Information shown:
....................
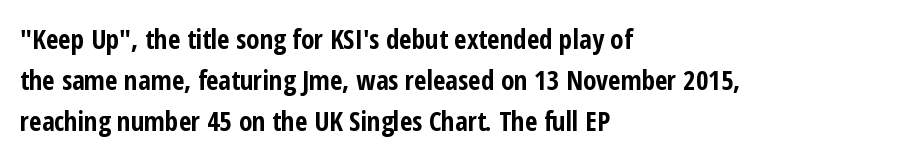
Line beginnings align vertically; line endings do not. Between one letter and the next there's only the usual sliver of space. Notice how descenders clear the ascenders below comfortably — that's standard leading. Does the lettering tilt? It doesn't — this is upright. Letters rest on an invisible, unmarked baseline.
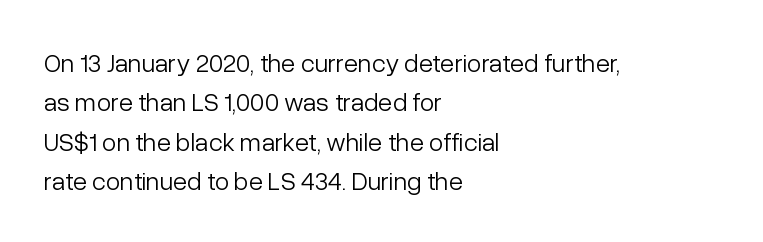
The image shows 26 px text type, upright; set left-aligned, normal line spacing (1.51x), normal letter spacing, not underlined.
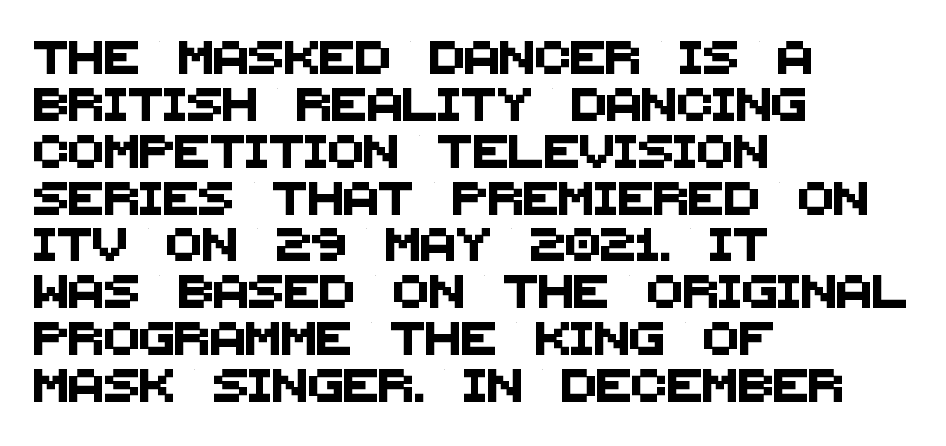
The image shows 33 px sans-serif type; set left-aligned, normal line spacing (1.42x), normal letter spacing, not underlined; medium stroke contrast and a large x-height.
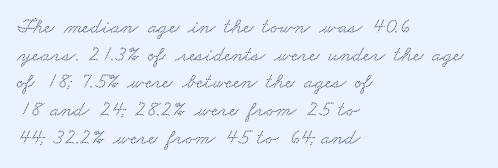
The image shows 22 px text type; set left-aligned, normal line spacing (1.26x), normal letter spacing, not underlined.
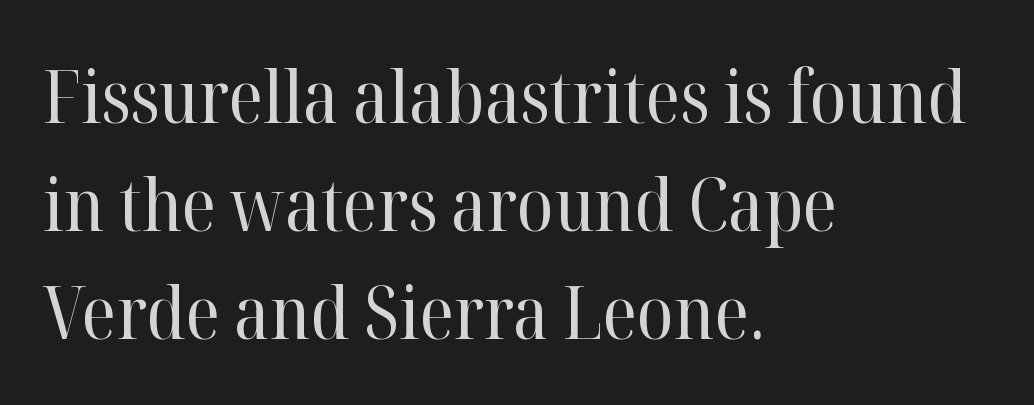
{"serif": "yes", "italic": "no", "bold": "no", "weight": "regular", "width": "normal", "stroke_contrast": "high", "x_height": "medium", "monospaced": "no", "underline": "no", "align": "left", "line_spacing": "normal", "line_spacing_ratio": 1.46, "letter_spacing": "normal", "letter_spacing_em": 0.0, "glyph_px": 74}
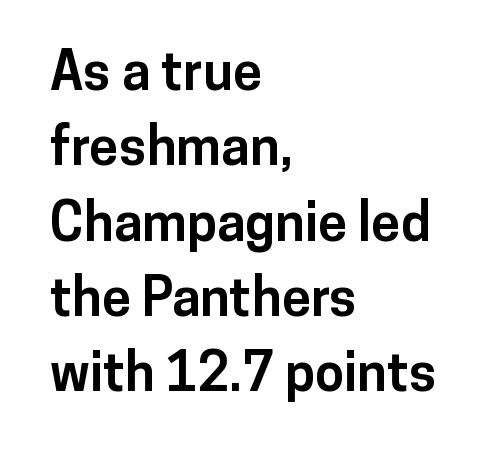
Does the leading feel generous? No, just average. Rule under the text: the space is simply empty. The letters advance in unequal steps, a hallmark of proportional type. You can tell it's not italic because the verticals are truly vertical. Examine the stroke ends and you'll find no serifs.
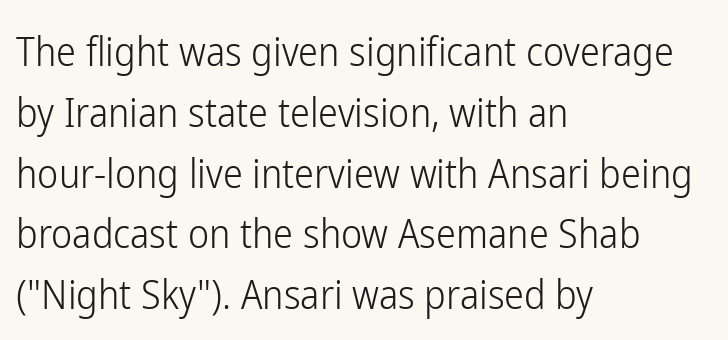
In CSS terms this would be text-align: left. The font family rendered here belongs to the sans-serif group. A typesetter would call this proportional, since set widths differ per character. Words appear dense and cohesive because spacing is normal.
....................
Problem requirements:
Hand over the entries again, exactly as written and without the pictures.

Task answer:
Line beginnings align vertically; line endings do not. Between one letter and the next there's only the usual sliver of space. Notice how descenders clear the ascenders below comfortably — that's standard leading. Does the lettering tilt? It doesn't — this is upright. Letters rest on an invisible, unmarked baseline.
The image shows 26 px text type, upright; set left-aligned, normal line spacing (1.51x), normal letter spacing, not underlined.
The image shows 33 px sans-serif type; set left-aligned, normal line spacing (1.42x), normal letter spacing, not underlined; medium stroke contrast and a large x-height.
The image shows 22 px text type; set left-aligned, normal line spacing (1.26x), normal letter spacing, not underlined.
{"serif": "yes", "italic": "no", "bold": "no", "weight": "regular", "width": "normal", "stroke_contrast": "high", "x_height": "medium", "monospaced": "no", "underline": "no", "align": "left", "line_spacing": "normal", "line_spacing_ratio": 1.46, "letter_spacing": "normal", "letter_spacing_em": 0.0, "glyph_px": 74}
Does the leading feel generous? No, just average. Rule under the text: the space is simply empty. The letters advance in unequal steps, a hallmark of proportional type. You can tell it's not italic because the verticals are truly vertical. Examine the stroke ends and you'll find no serifs.
In CSS terms this would be text-align: left. The font family rendered here belongs to the sans-serif group. A typesetter would call this proportional, since set widths differ per character. Words appear dense and cohesive because spacing is normal.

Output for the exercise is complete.